▸ **TASK**
Starting at the line with "left and down.", retype each line exactly up to and including the final line of the records below.

== GIVEN RECORDS ==

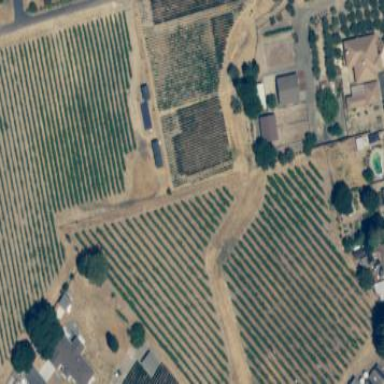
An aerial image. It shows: Vineyard with wine grapes as the main crop.
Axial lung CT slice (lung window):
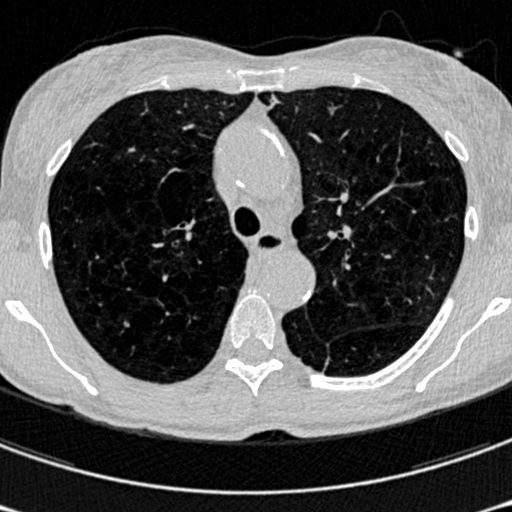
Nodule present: no
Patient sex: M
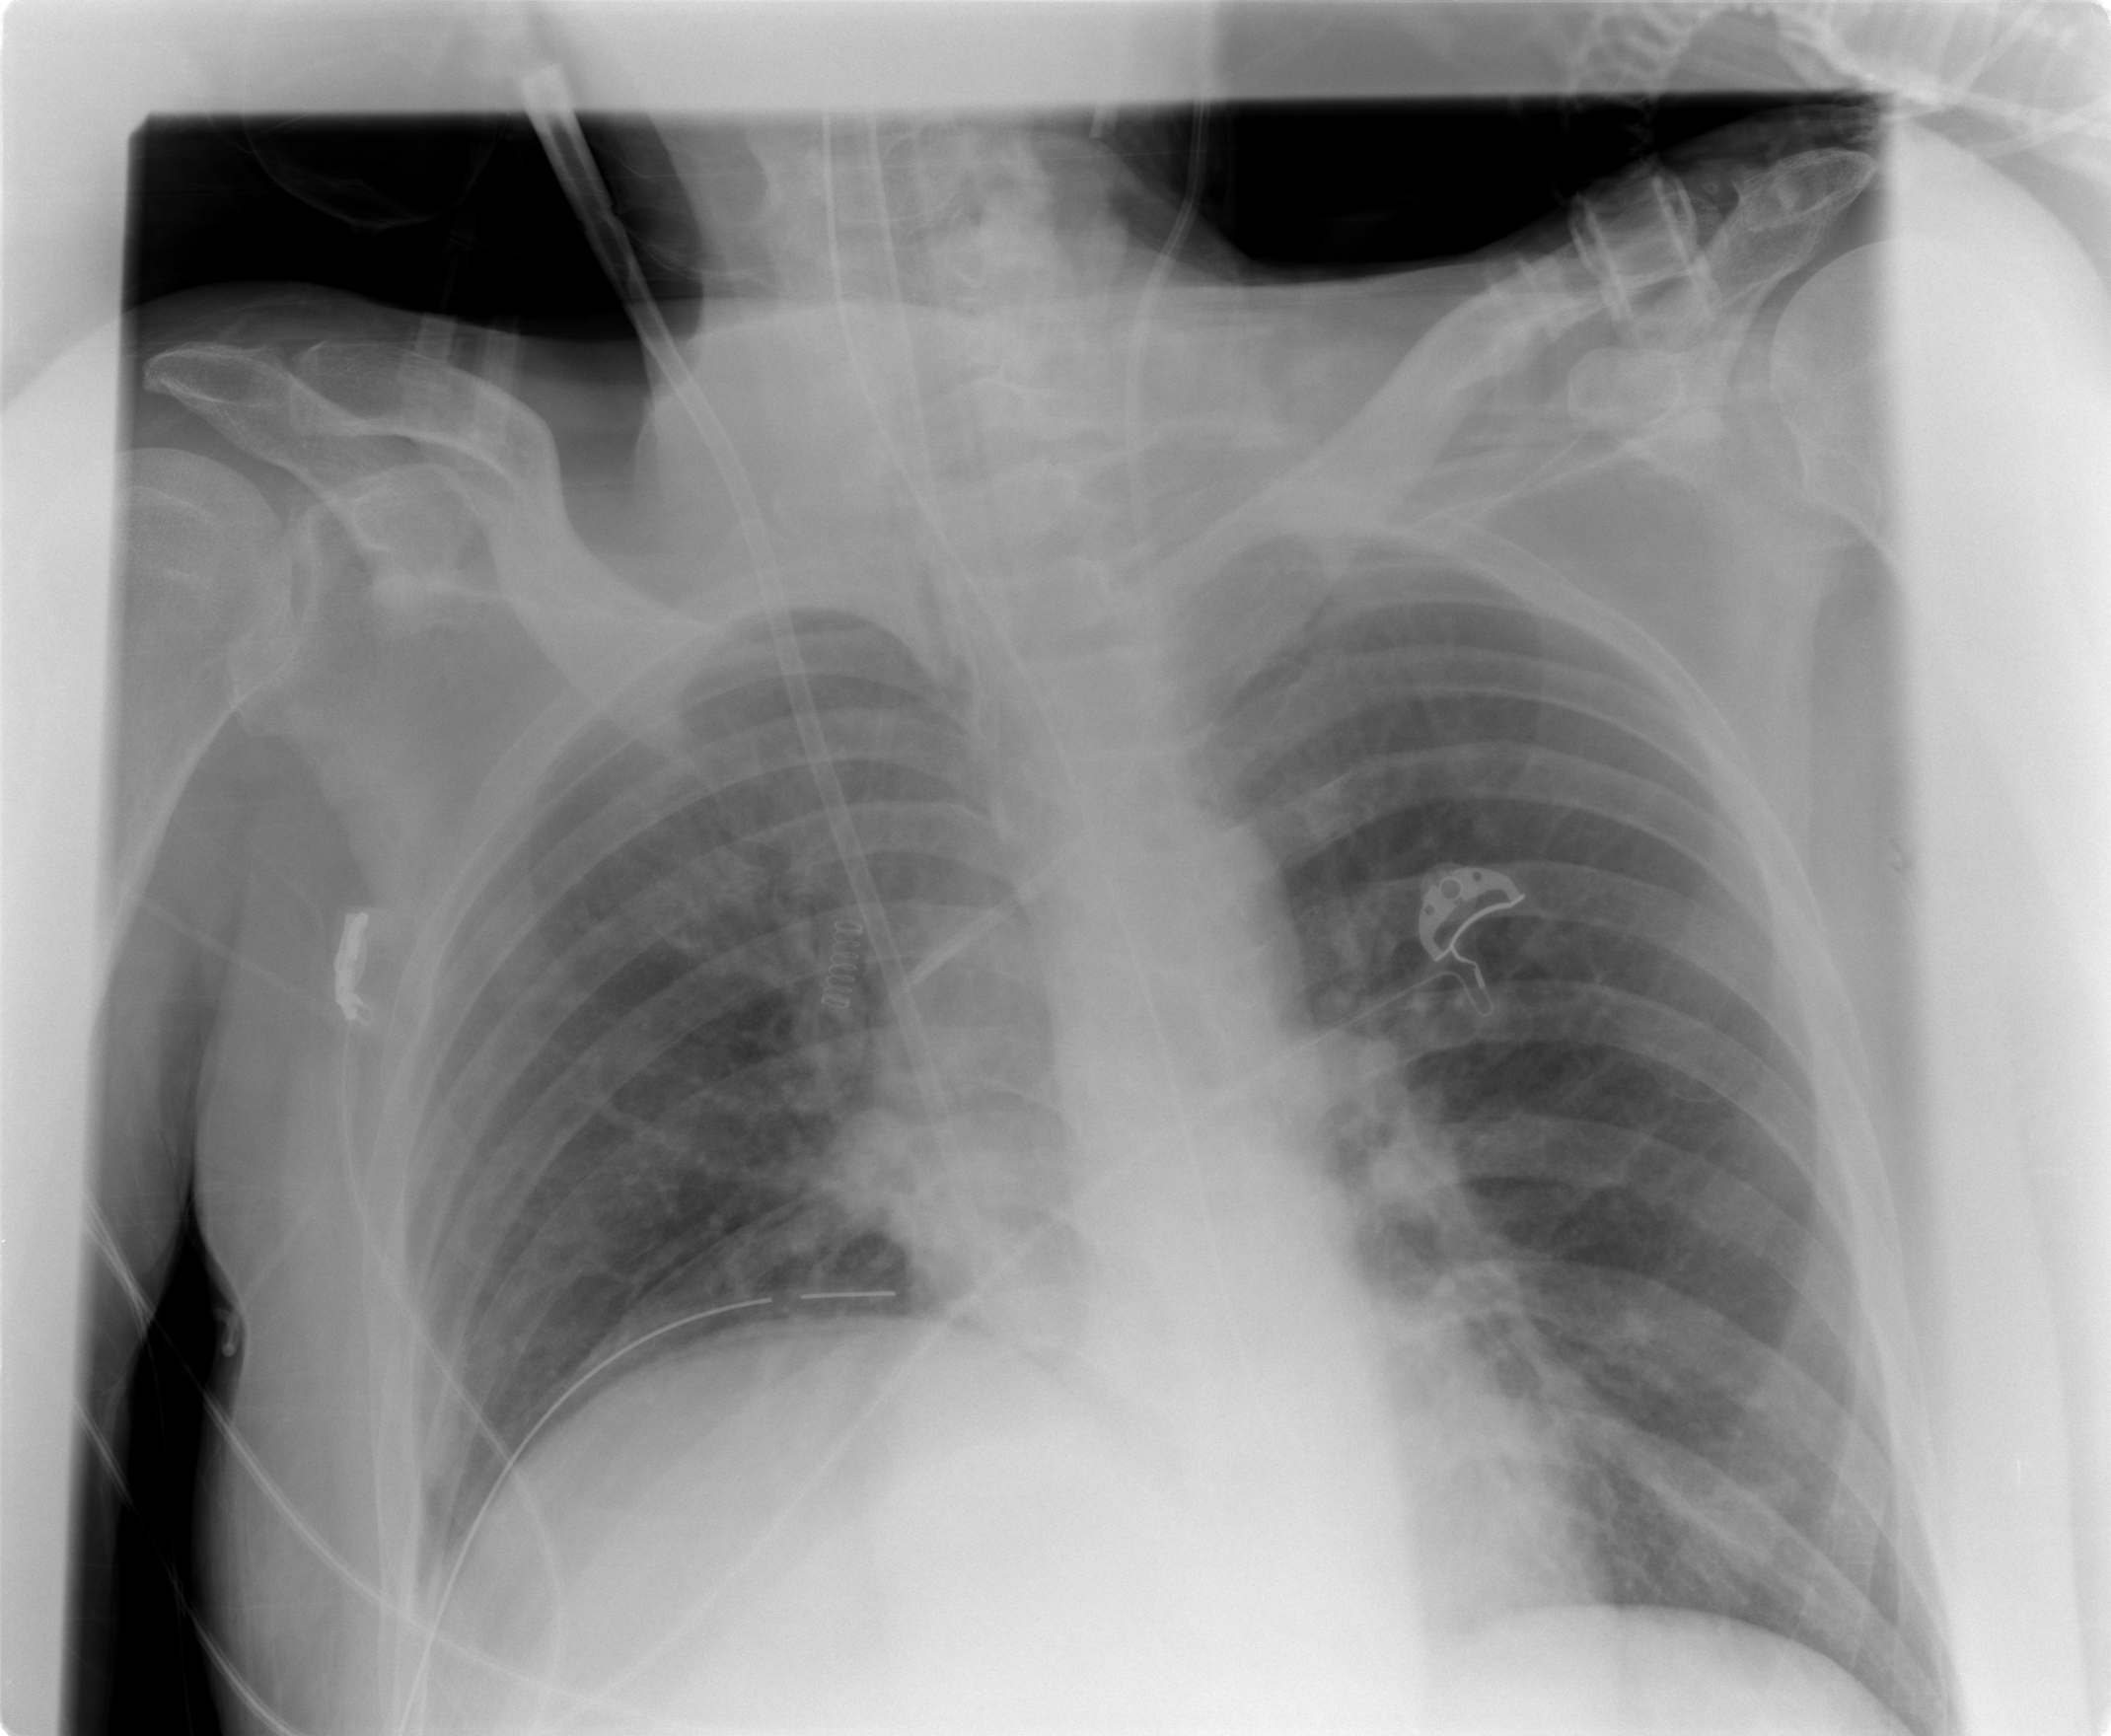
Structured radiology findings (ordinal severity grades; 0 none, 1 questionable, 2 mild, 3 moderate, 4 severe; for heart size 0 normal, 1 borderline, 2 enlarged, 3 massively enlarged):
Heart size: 0
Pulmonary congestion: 0
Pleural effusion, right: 0
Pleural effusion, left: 0
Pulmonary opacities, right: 0
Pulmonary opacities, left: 0
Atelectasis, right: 2
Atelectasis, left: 1
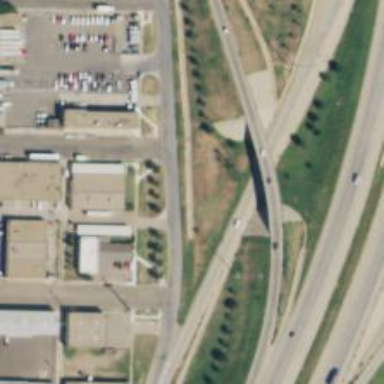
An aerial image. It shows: Secondary road with frontage road alongside.
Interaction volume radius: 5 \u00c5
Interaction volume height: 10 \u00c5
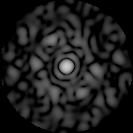
Disorder parameter: 0.802
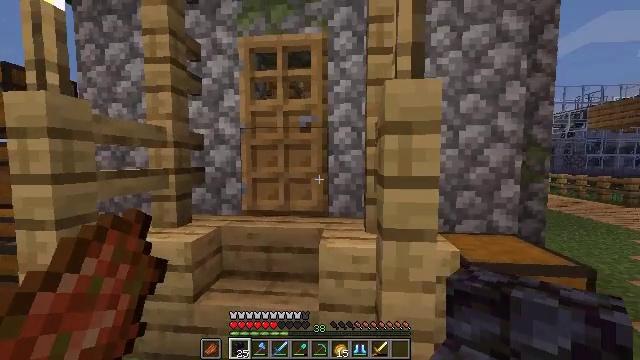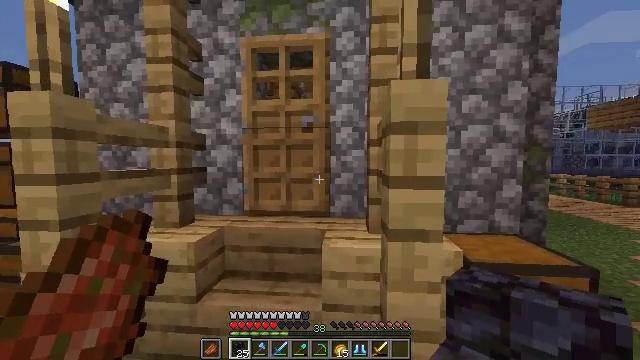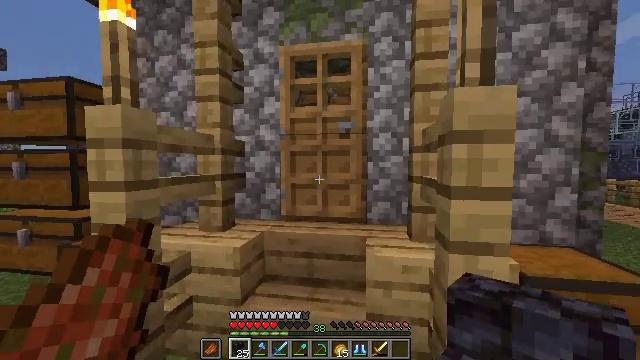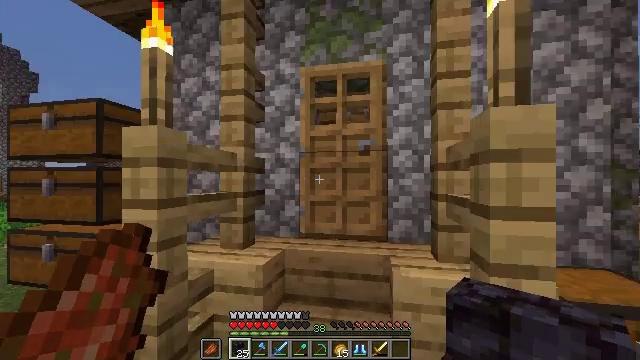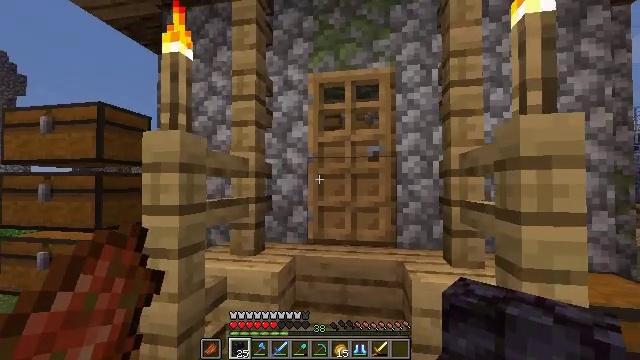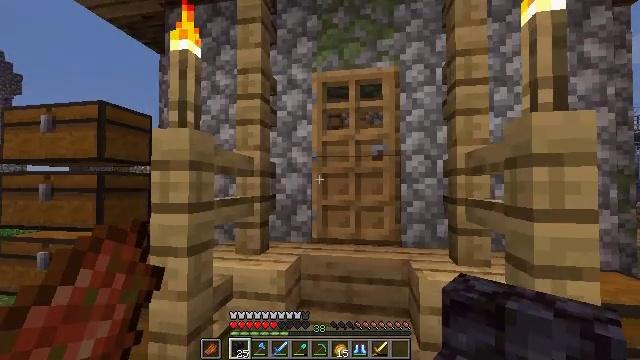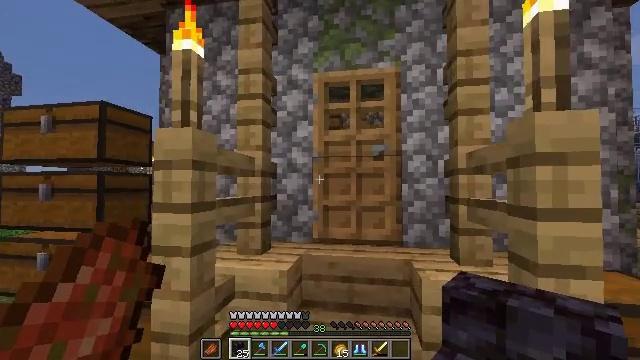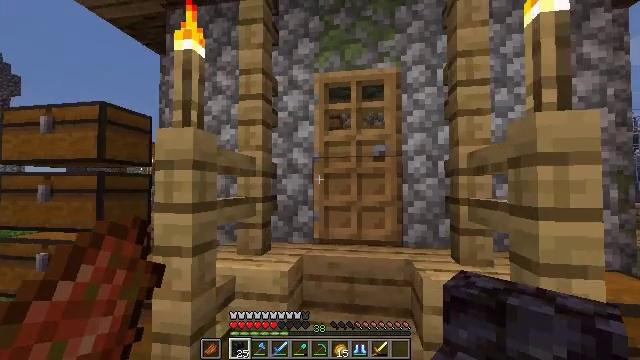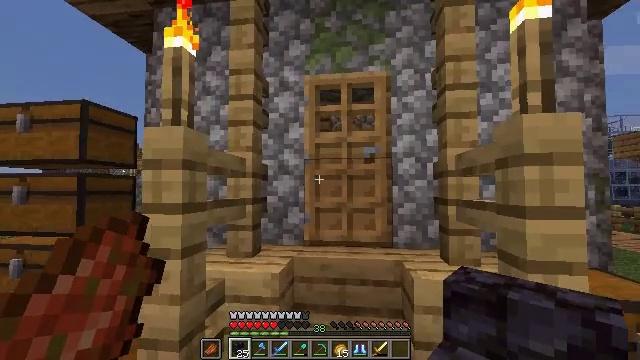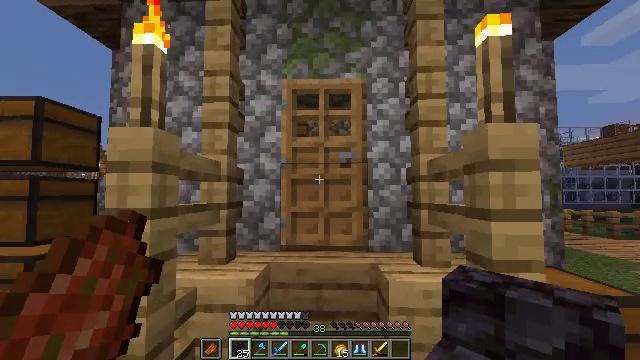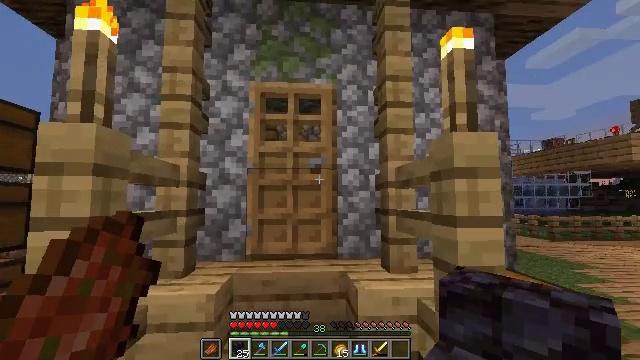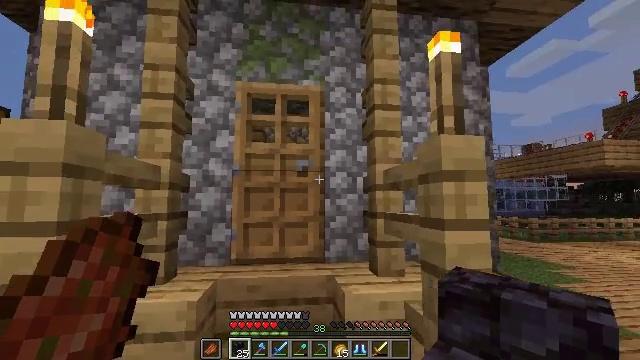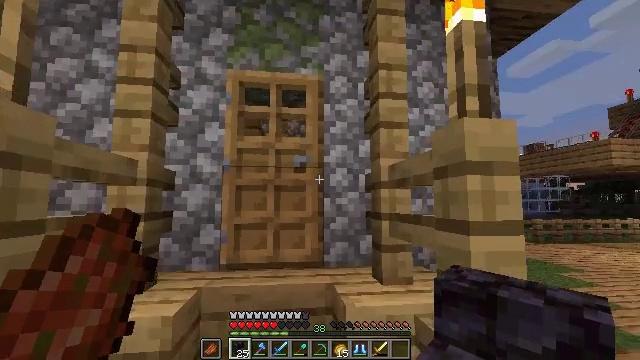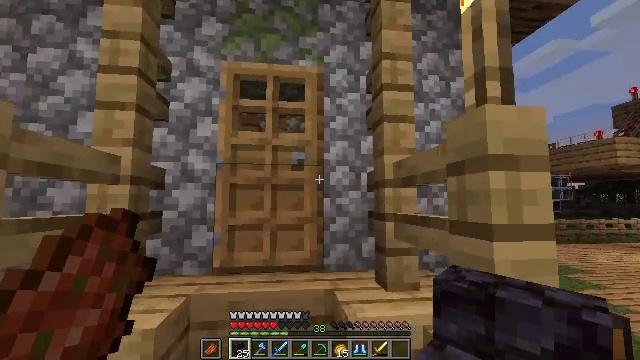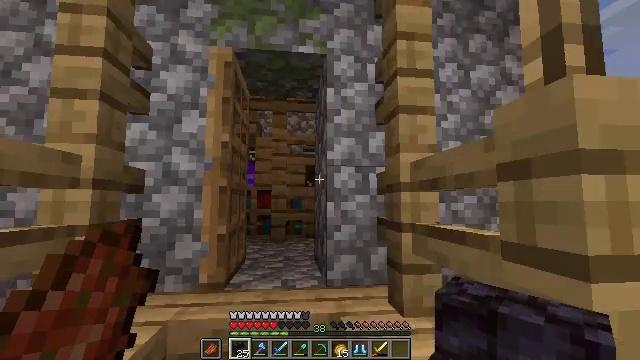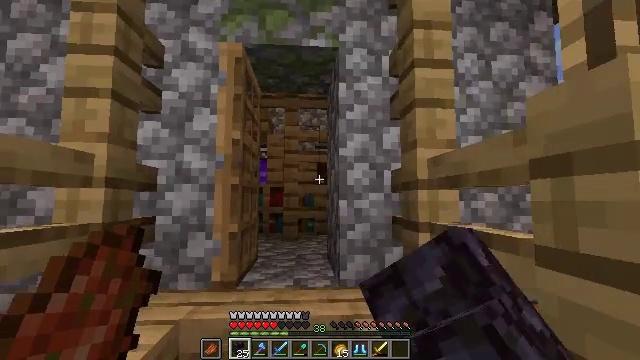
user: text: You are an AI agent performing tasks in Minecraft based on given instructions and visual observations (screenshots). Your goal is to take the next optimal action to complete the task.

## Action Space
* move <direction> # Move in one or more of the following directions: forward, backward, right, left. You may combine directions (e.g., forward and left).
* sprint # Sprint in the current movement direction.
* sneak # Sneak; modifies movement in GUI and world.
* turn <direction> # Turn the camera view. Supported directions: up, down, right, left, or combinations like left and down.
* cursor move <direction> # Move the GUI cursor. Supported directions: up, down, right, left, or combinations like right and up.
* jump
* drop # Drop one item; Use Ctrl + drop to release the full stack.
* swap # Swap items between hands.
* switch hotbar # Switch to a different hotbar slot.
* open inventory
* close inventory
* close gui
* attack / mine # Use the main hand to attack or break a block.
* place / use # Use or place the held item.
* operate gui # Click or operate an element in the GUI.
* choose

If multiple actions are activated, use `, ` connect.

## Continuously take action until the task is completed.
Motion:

===

▸ **RESULT**
* turn <direction> # Turn the camera view. Supported directions: up, down, right, left, or combinations like left and down.
* cursor move <direction> # Move the GUI cursor. Supported directions: up, down, right, left, or combinations like right and up.
* jump
* drop # Drop one item; Use Ctrl + drop to release the full stack.
* swap # Swap items between hands.
* switch hotbar # Switch to a different hotbar slot.
* open inventory
* close inventory
* close gui
* attack / mine # Use the main hand to attack or break a block.
* place / use # Use or place the held item.
* operate gui # Click or operate an element in the GUI.
* choose

If multiple actions are activated, use `, ` connect.

## Continuously take action until the task is completed.
Motion:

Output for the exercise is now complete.